Movie Review: Guilty By Suspicion (1991)
It should’ve been a slam dunk. A Hollywood movie about the blacklist (with its obvious heroes and villains) that was originally written by someone who had been blacklisted (Abraham Polonsky, “Force of Evil”), and starring one of the greatest actors of his generation (Robert De Niro).
So what happened? Why does it lie there?
I think it combines too many stories into too few characters in a way that doesn’t make sense dramatically or historically.
Take the opening. In September 1951, Larry Nolan (Chris Cooper) testifies in private session before the white-haired, fat men of HUAC—one literally smoking a cigar—and begs them not to force him to name names. “Don’t make me crawl through the mud,” he says. “They’re my friends.” It’s a powerful scene. The next time we see him, Nolan ruins a welcome-home party for director David Merrill (De Niro) by shouting, to the movie people gathered, “Who are we trying to kid? We’re all dead!” Then he goes home to burn books in his front yard—including, I should add, “The Catcher in the Rye,” which, since it had been published only two months earlier, was hardly on anyone’s list of “subversive” material yet. Upstairs, his wife, Dorothy (Patricia Wettig), drunk and hysterical, makes accusations and throws his clothes/typewriter out the window. It’s the stuff of melodrama. But that’s not the worst of it.
For the rest of the movie, Nolan becomes a major asshole. After naming his wife’s name, he sues her for sole custody of their child, and wins, since she, a former communist, is an unfit mother. (And he? No? Because he ratted?) She winds up alone, unemployable, and eventually kills herself in front of Merrill and his ex-wife, Ruth (Annette Bening), by driving her car off a cliff. At her funeral, Nolan doesn’t bat an eye.

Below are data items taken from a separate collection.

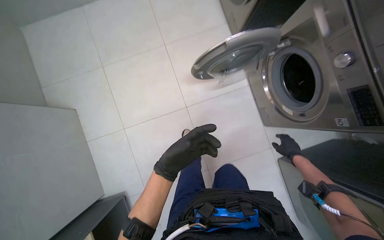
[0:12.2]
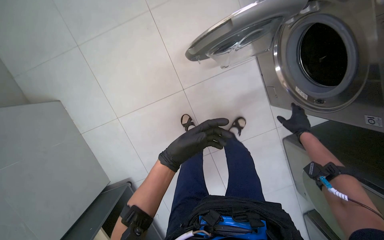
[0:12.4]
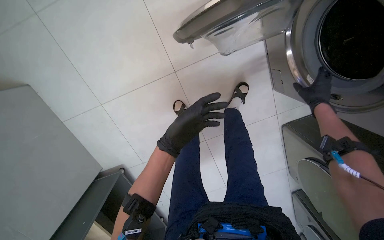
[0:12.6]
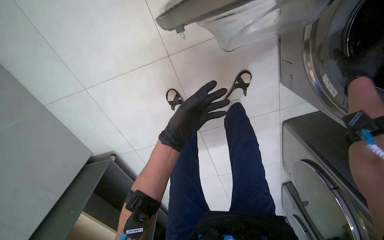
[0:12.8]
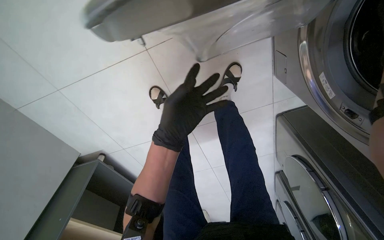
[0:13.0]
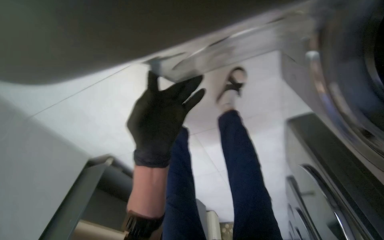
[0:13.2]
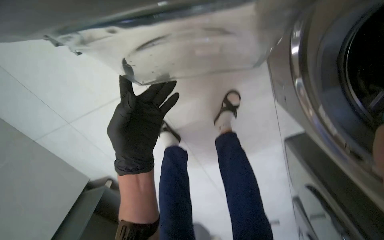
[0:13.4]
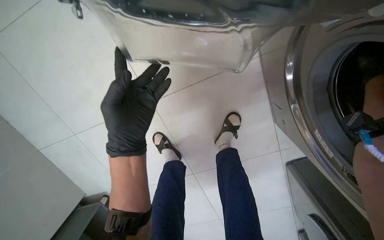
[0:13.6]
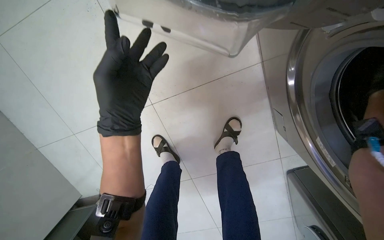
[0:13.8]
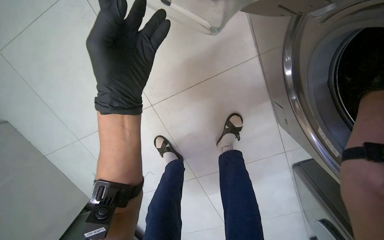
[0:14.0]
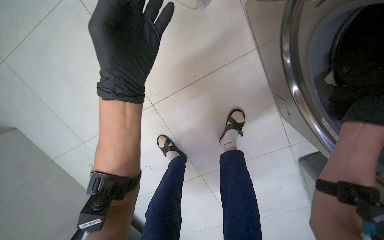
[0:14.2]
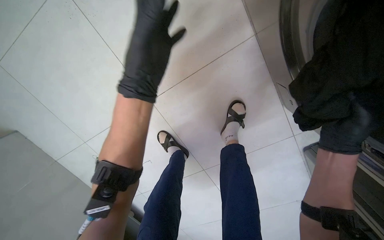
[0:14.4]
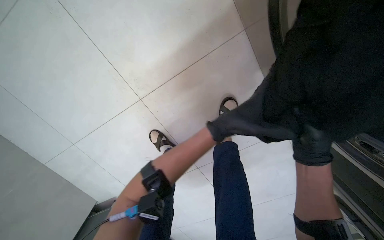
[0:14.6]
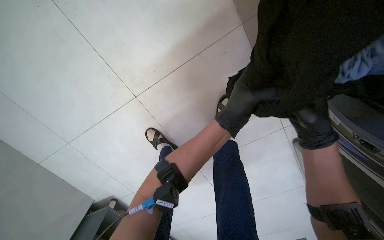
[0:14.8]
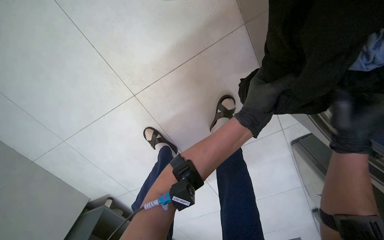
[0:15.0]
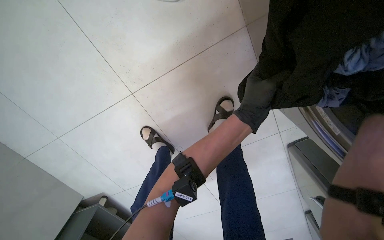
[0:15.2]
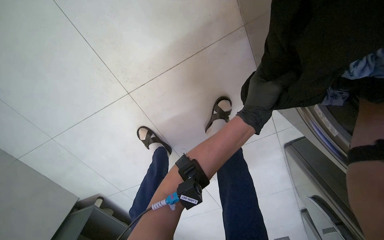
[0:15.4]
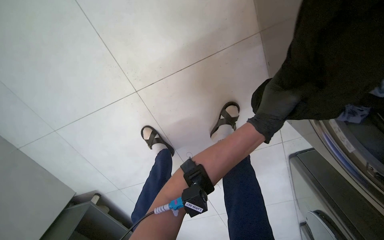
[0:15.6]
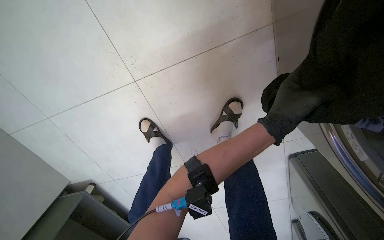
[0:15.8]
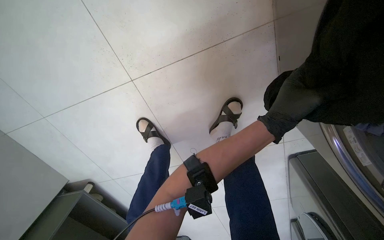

This is a helluva 180: from begging “Don’t make me crawl through the mud” to throwing it on everyone without a thought. It’s like Nolan is two different people. Which he is.
The powerful opening scene is based on the 1951 testimony of Larry Parks (“The Jolson Story”), who used the “crawling through the mud” metaphor before HUAC in ’51, betrayed friends, and was blacklisted anyway. But he didn’t become a major asshole; he and his wife, Betty Garrett, stayed together. The second half of the 180? That’s probably based on someone like Elia Kazan, who named names but took a kind of neocon pride in it. Of his 1954 film “On the Waterfront,” he writes, “When Brando at the end yells . . . ‘I’m glad what I done!’ that was me saying, with identical heat, that I was glad I’d testified as I had.”
And you can’t do that. You can’t combine two very different people and think you’ve made a whole character.
‘Wait, with who?’
We have a bigger problem with our main character. David Merrill seems bright enough, but at times he’s about as sharp as Homer Simpson.
Merrill, a golden boy director, has the ear of studio chief Darryl Zanuck (Ben Piazza), and has just returned from a few months in Europe, ready to start his next picture. Then the party; then the book burning, where Nolan warns him about HUAC: “Wait until Karlin and Wood put your nuts in a vise.”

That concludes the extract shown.